1. Write a good summary of what you intend to write, how you plan to use it, and the benefits publication can bring to your customer’s company. Then ensure you find out who will give ultimate approval at the customer’s company, and ensure they understand the benefits they’ll get from this publicity and are happy with the project before you even think about getting the article produced. If their objection is the usual daft one that they don’t want to publicise whose components, systems or services they’re using, begin the proposal by pointing out how easy it is for their competitors (or anyone else, for that matter) to find out about your involvement, by reading the label or whatever.

2. Line up an experienced technical writer to create the article. The customer will be impressed, and you’ll get a good, objective view on the application. More than almost any other promotional writing for your company, a case study is journalistic reporting, and an independent writer should be able to see the wood from the trees far better than you or the customer.

3. Sort out great photography at the start of the project. There’s nothing worse than proudly saying that your widget has been used as part of The Great Big Sprocket System and then finding out that the only photo of The Great Big Sprocket System looks more like a grainy, snatched spy photo. Wherever the case study goes – your website, a newsletter or a magazine – you’ll want an arresting shot of the doubtless glamorous application if the article is to attract any attention.
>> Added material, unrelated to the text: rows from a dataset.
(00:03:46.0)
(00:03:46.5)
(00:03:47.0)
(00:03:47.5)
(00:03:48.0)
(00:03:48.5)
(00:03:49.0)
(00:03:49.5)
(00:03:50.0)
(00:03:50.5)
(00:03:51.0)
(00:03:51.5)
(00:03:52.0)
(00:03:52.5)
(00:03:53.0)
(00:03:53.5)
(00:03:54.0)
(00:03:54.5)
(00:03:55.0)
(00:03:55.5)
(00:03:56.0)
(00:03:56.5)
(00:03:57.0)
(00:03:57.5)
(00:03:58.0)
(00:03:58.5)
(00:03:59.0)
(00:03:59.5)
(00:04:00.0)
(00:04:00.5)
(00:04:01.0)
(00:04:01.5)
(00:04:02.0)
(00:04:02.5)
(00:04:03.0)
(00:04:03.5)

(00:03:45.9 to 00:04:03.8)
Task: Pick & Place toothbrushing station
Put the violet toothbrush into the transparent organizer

Any other tips, in your experience? I’d love to hear them.

3 thoughts on “3 tips for producing great case studies”

  1. Ascertain the customer’s problem and how your product or service helped to overcome it. It may sound obvious, but all too often people writing case studies don’t ask the right questions of the client – in fact sometimes they don’t get to speak to the client at all. But how can you produce a convincing case study without quality information?
    If you’re simply saying that the client was a widget manufacturer who ‘wanted a good service at a reasonable price’, not only does it make for a bland case study but when you come to do the second and the third you’ll probably be saying more or less the same thing.
    Therefore ask open questions, not just about why they chose the product or service but also about their business. Try to find three or four unique things to say in each case study as this is what gives added interest. So for example, maybe the client company was started by the founder’s grandfather with a horse and cart a century ago; or maybe it supplied widgets for the world’s tallest building. Perhaps the product was the only one small enough to fit the bill; or technical input from the supplier helped to resolve a complex engineering problem.
    For each case study, keep a note of the product or service involved, the client’s sector, and the particular problems it solved. Then as you build up your supply of case studies, you’ll be able to develop a grid that will provide an easy reference aid enabling you to quickly pick out relevant case studies for any enquiry you receive.
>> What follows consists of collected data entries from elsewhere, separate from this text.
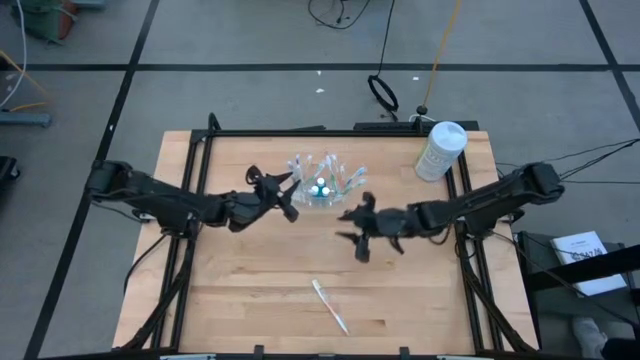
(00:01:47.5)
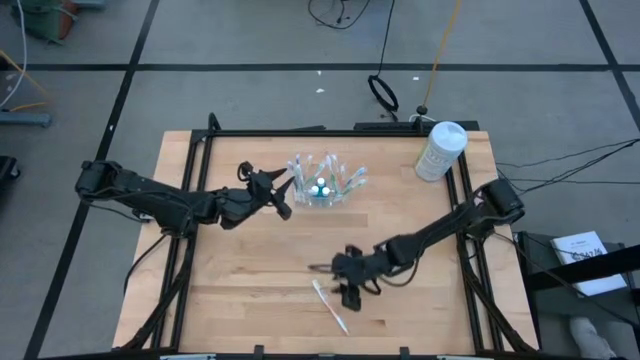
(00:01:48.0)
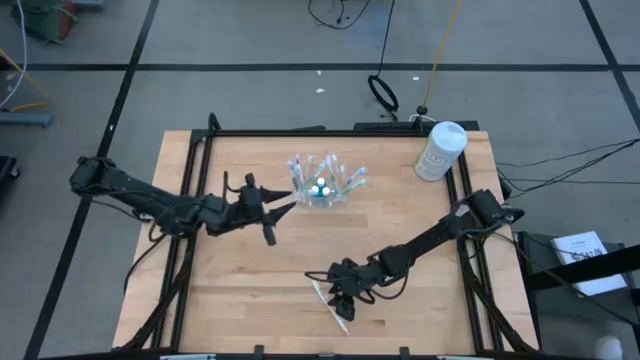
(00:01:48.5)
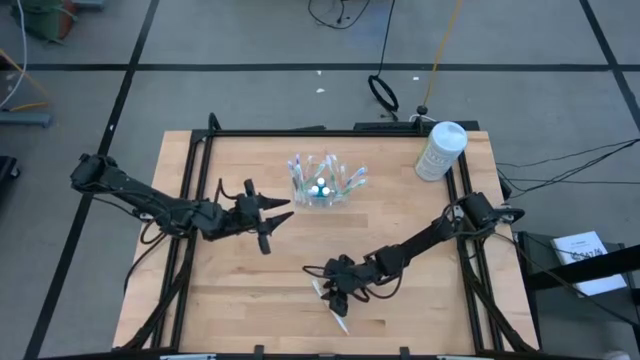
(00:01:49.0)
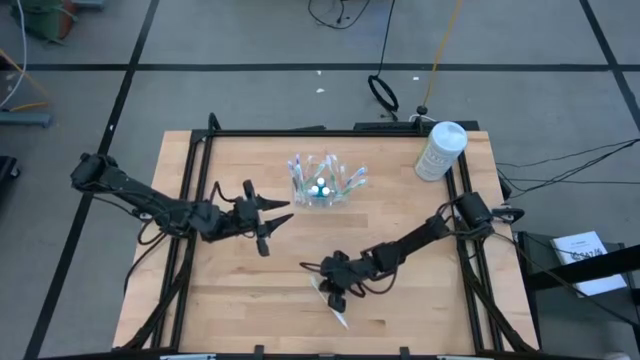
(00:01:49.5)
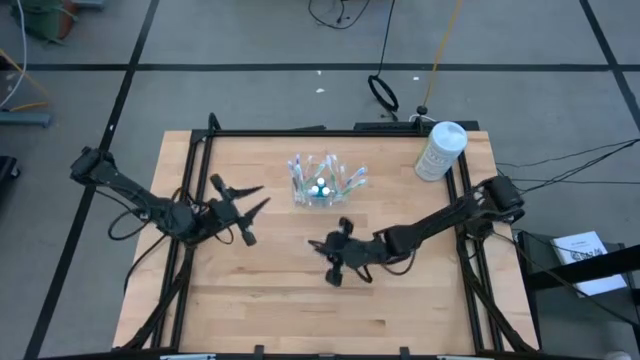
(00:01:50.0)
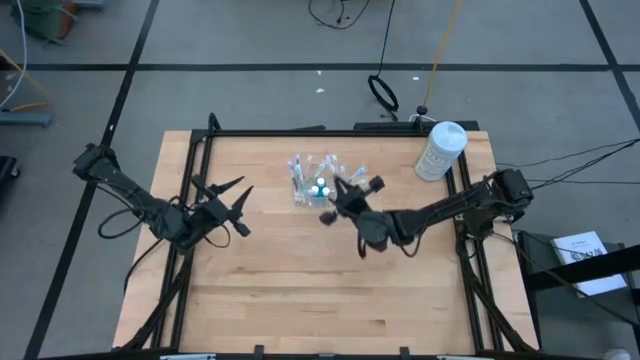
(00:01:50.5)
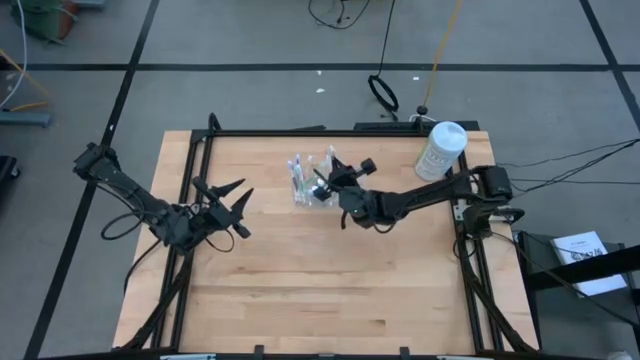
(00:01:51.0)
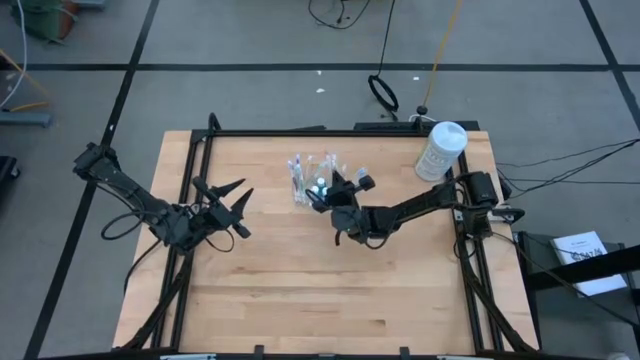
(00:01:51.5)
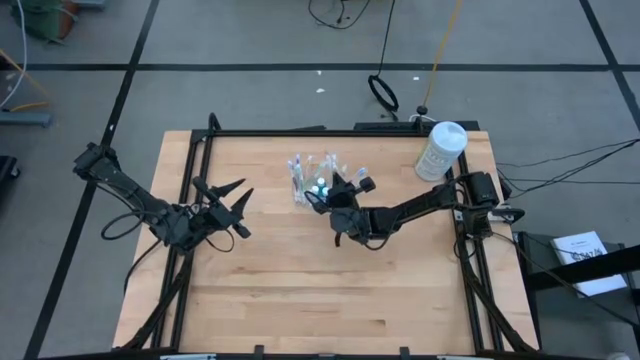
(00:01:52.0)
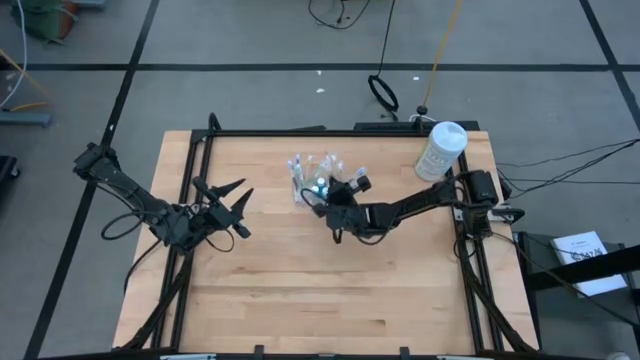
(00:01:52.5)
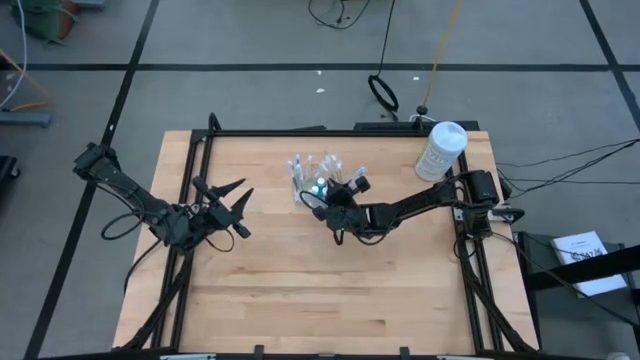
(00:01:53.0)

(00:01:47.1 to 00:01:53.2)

  2. You seem to have covered most of the points but overlooked the significance of the ‘quote’ from the end customer. There is nothing like a favourable quotation for reinforcing the ‘message’ and quite often the client’s customer will say more positive things to a third party (i.e. not the supplier). Finally, if you can get permission to visit a customer’s premises to do a case history maximise the opportunity. Take videos if possible for web sites or other publicity purposes, and discuss the customer’s future plans in case there are future opportunities for your client, a valuable service for your client and very much appreciated!

  3. Place those monthly/weekly application notes in your website.
    1. It brings the g search engine back for more indexing
    2. It provides your customer list, a follow up on all your applications, so they can always forward their contacts to it.